Exercise = Below are the records; print them again exactly and omit the pictures.

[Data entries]
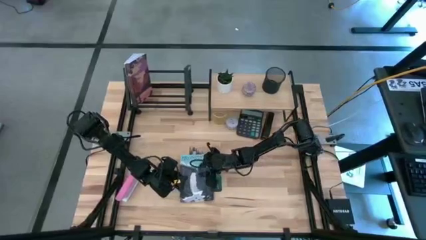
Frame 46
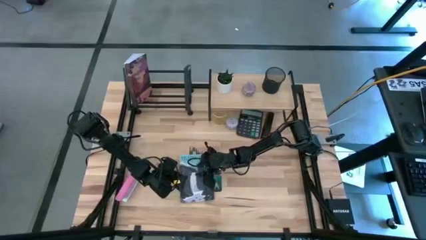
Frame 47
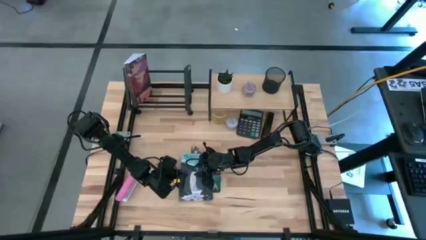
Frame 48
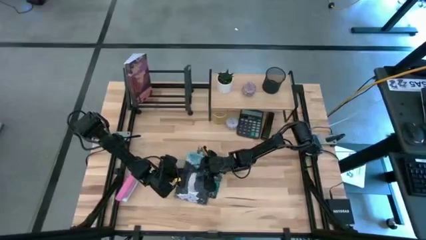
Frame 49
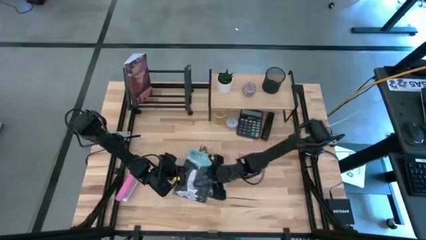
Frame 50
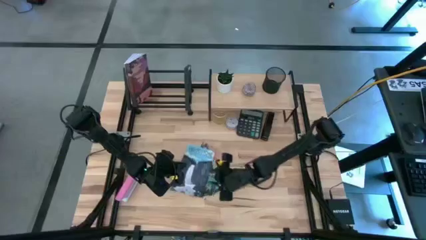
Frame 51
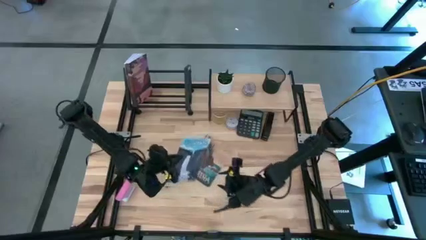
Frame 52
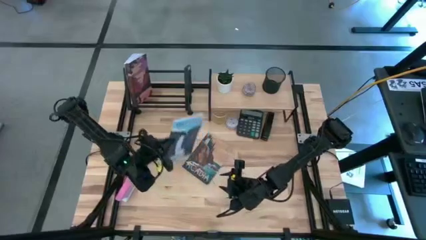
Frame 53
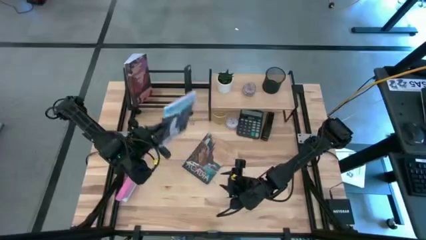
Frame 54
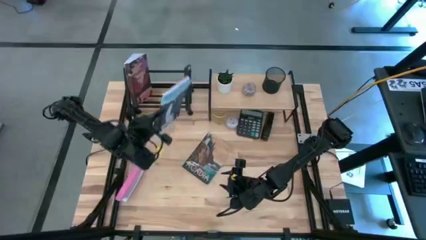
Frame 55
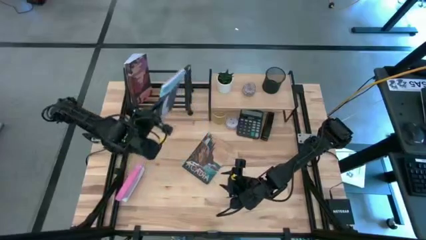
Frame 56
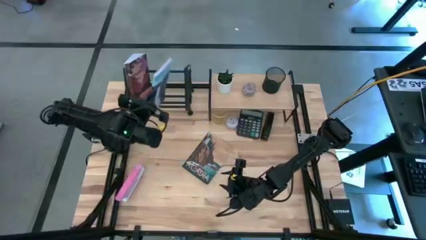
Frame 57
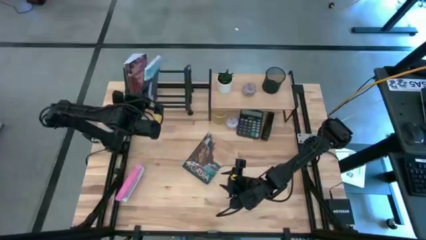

Answer for the task =
Frame 46
Frame 47
Frame 48
Frame 49
Frame 50
Frame 51
Frame 52
Frame 53
Frame 54
Frame 55
Frame 56
Frame 57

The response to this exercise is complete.